I completely agree that the spear throw was "cleaner, quicker, and as ethical as the majority of all archery, muzzleloader, and rifle shots taken." As you said, the anti's were upset at the actual act of killing a bear, but the nature of the hunt added fuel to their fire - the animal was left overnight, suffering as some anti's are screaming about, which is not true; and a weapon of barbaric nature (in some people's eyes) was used - which doesn't make much sense to me, because the purpose of a weapon is to cause damage and destruction.

A couple days ago, I attended a meeting about professional responsibility and the portrayal of that responsibility in the public eye. This exact example was brought up with various views from both sides, and my personal view is this - the hunter crowd supports the hunter, UA did what they did in an effort to "save face" and appease the anti hunters. But what about the people who are neutral, how do they view this?

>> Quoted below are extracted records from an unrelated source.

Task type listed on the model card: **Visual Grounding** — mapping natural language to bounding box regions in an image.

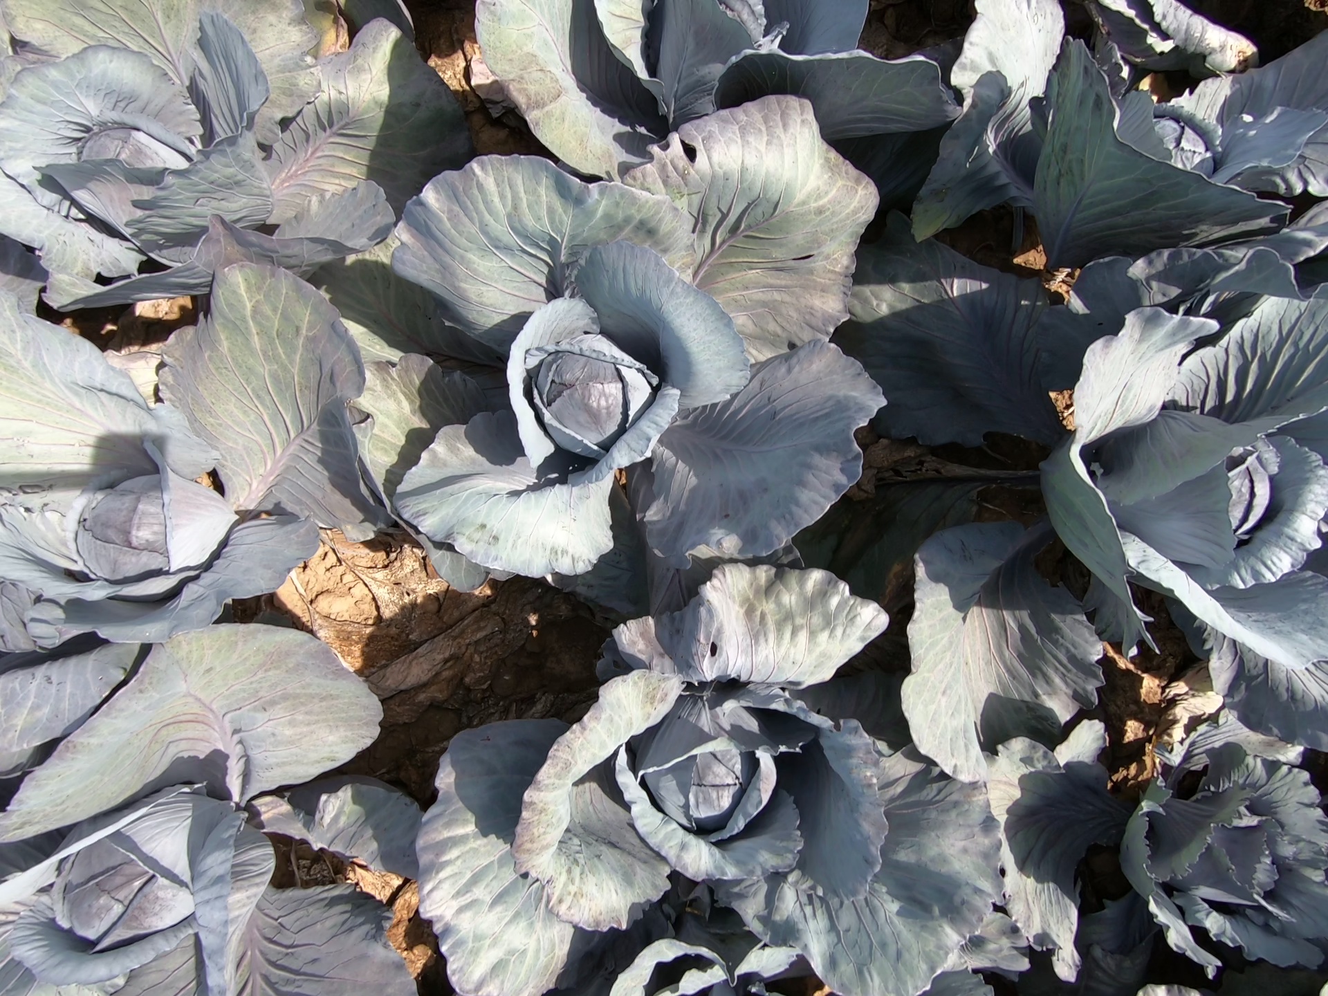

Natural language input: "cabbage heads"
[1114,416,1273,546]
[75,472,230,596]
[79,120,206,232]
[1158,807,1270,907]
[57,793,232,946]
[1098,114,1214,221]
[536,334,655,457]
[658,1,753,120]
[645,699,772,833]

Our liberal media does a fantastic job with spreading a story like this, with some added fallacies, and some of these stories send those neutralists over to the anti side. So my statement about them keeping it in the film archive was to protect UA and hunters from the injustice that would come about by those who are too ignorant to listen and ignore the facts and how that would swing the views of those who are currently neutral.


----------



## RandomElk16 (Sep 17, 2013)

The guy who speared the bear is Josh Bowmar. He is a professional body builder (physique division).

He and his wife met through fitness, but Josh showed her hunting and they both have a deep passion for hunting (bow/spear only). They have done a great job building a social media platform, which led to his wife Sarah getting a UA sponsorship. Josh was an avid supporter of UA, but was actually never sponsored by them. He did TONS of free promo for them. This included their athletic lines since both Josh and Sarah are competitors.



I know the bowmars, and a few of the UA athletes. This incident is very unfortunate. Josh was the hunter, but because of the backlash it was Sarah whose sponsorship was dropped. The part that is most frustrating, is that UA came out with a statement that said in part:

"supports hunting that is conducted in compliance with applicable federal, state and local laws and hunting practices that ensure a responsible and safe harvest of the animal"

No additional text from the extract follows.